It has been a decade since the anthrax attacks brought home the reality of bioterrorism and the nation now has a stockpile of some basic tools to fight back against a few of the threats that worry defense experts the most.
These defenses are not just gathering dust awaiting the next attack. In August, a Minneapolis hospital dipped into the stockpile to treat a critically ill patient — a tourist who, somewhere on his Midwest vacation, had the extraordinary bad luck to breathe anthrax spores that naturally linger in the dirt in parts of the country. The man, who survived, received a kind of medication not available in October 2001 when anthrax spores sent through the mail killed five people and sickened 17.

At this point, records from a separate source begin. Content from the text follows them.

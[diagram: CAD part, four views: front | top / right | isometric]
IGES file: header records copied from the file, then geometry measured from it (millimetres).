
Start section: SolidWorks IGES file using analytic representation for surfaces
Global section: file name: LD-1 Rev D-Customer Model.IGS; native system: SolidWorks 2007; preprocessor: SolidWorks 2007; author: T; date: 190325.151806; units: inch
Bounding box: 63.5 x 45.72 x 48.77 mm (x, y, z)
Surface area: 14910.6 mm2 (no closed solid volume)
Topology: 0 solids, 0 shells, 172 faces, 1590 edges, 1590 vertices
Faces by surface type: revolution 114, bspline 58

Concern is that the nation's arsenal hasn't grown fast enough. A decade later, there are no treatments for a number of bugs on the concern list. Even a long-promised next-generation anthrax vaccine, that would be easier to produce, hasn't arrived yet. Nor is there information on how to treat children.

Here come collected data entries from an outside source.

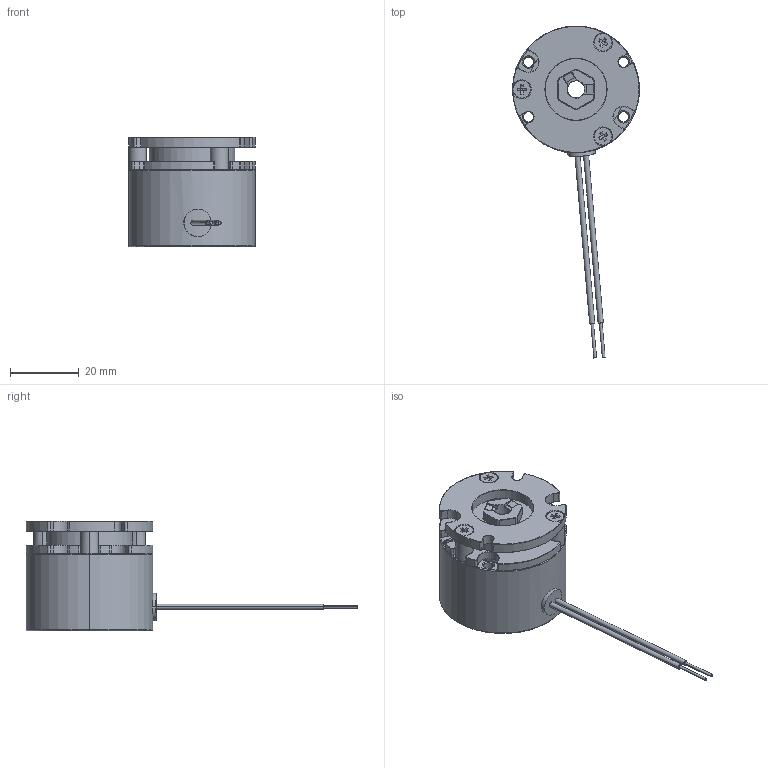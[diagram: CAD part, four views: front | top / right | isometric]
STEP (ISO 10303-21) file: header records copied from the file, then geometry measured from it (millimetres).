
FILE_DESCRIPTION (( 'STEP AP214' ), '1' );
FILE_NAME ('SWB-01.STEP', '2019-08-13T06:15:48', ( '' ), ( '' ), 'SwSTEP 2.0', 'SolidWorks 2016', '' );
FILE_SCHEMA (( 'AUTOMOTIVE_DESIGN' ));
Length unit declared in the file: millimetre
Products named in the file (1): SWB-01
Bounding box: 37 x 96.85 x 32 mm (x, y, z)
Volume: 21674.6 mm3; surface area: 15255.2 mm2
Topology: 2 solids, 2 shells, 649 faces, 1543 edges, 897 vertices
Faces by surface type: cylinder 266, plane 165, torus 141, cone 38, sphere 37, bspline 2
Entity records: 21719 total; most frequent: CARTESIAN_POINT 3641, DIRECTION 3594, ORIENTED_EDGE 3050, EDGE_CURVE 1525, AXIS2_PLACEMENT_3D 1483, VERTEX_POINT 896, CIRCLE 835, EDGE_LOOP 683

“Where are the countermeasures?” advisers to the Department of Health and Human Services asked in a critical report last year. There are a few treatments for the toxins produced by anthrax and botulism, and a smallpox treatment is due soon. But federal health officials are working to jumpstart production of more countermeasures and they say that more than 80 candidates are in advanced development..
That's a major shift that should entice more big drug companies to the field, says Dr. Robin Robinson, who heads the federal Biomedical Advanced Research and Development Authority, or BARDA. It funds late-stage research of promising countermeasures. BARDA just agreed to help pay for drug giant GlaxoSmithKline's testing of a novel antibiotic that might fight bioterrorism germs like plague — as well as certain hospital-spread bacteria that cause such problems as pneumonia in the already seriously ill.

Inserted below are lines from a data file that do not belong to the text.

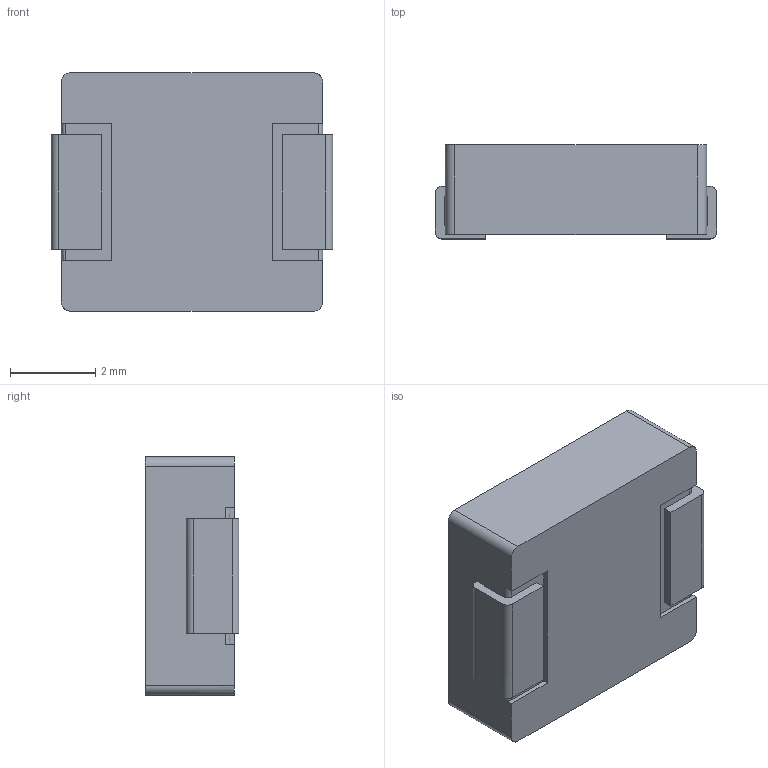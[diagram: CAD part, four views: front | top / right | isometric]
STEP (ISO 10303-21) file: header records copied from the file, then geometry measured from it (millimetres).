
FILE_DESCRIPTION(('FreeCAD Model'),'2;1');
FILE_NAME('Open CASCADE Shape Model','2025-04-29T10:19:27',('FreeCAD'),( 'FreeCAD'),'Open CASCADE STEP processor 7.6','FreeCAD','Unknown');
FILE_SCHEMA(('AUTOMOTIVE_DESIGN { 1 0 10303 214 1 1 1 1 }'));
Length unit declared in the file: millimetre
Products named in the file (1): Open CASCADE STEP translator 7.6 1
Bounding box: 6.6 x 2.2 x 5.59 mm (x, y, z)
Volume: 73.4 mm3; surface area: 132 mm2
Topology: 1 solids, 1 shells, 107 faces, 306 edges, 204 vertices
Faces by surface type: bspline 107
Entity records: 3982 total; most frequent: CARTESIAN_POINT 2137, ORIENTED_EDGE 612, EDGE_CURVE 306, B_SPLINE_CURVE_WITH_KNOTS 278, VERTEX_POINT 204, FACE_BOUND 114, EDGE_LOOP 114, ADVANCED_FACE 107

So-called broad-spectrum antibiotics that can kill more than one kind of bacteria aren't unusual — this one just targets some hard-to-treat types in a new way. Scientists are beginning to create the first broad-spectrum antivirals, medicines that would treat more than one kind of virus. Rather than having an anti-flu drug and a separate anti-AIDS drug, the goal is to have a single injection that could treat those viruses plus the gruesome Ebola virus and a few more for good measure.
Dr. Michael Kurilla, biodefense research chief at the National Institute of Allergy and Infectious Diseases says its too early to hope. “We feel very excited and confident that what we're working on … can change the whole paradigm of how we approach infectious diseases,” Kurilla says. The U.S. has invested $67 billion in biosecurity since 2001, according to research by the Center for Biosecurity at the University of Pittsburgh Medical Center.
Center for Biosecurity chief Thomas Inglesby said he is concerned that federal spending reductions for public health programs will reduce the pace of work on vaccines and other treatments for biological threats.
A program for supporting development of vaccines and other countermeasures requires congressional approval to continue past 2013. Legislation that would reauthorize Project Bioshield and other key biodefense initiatives is winding its way through both chambers of Congress.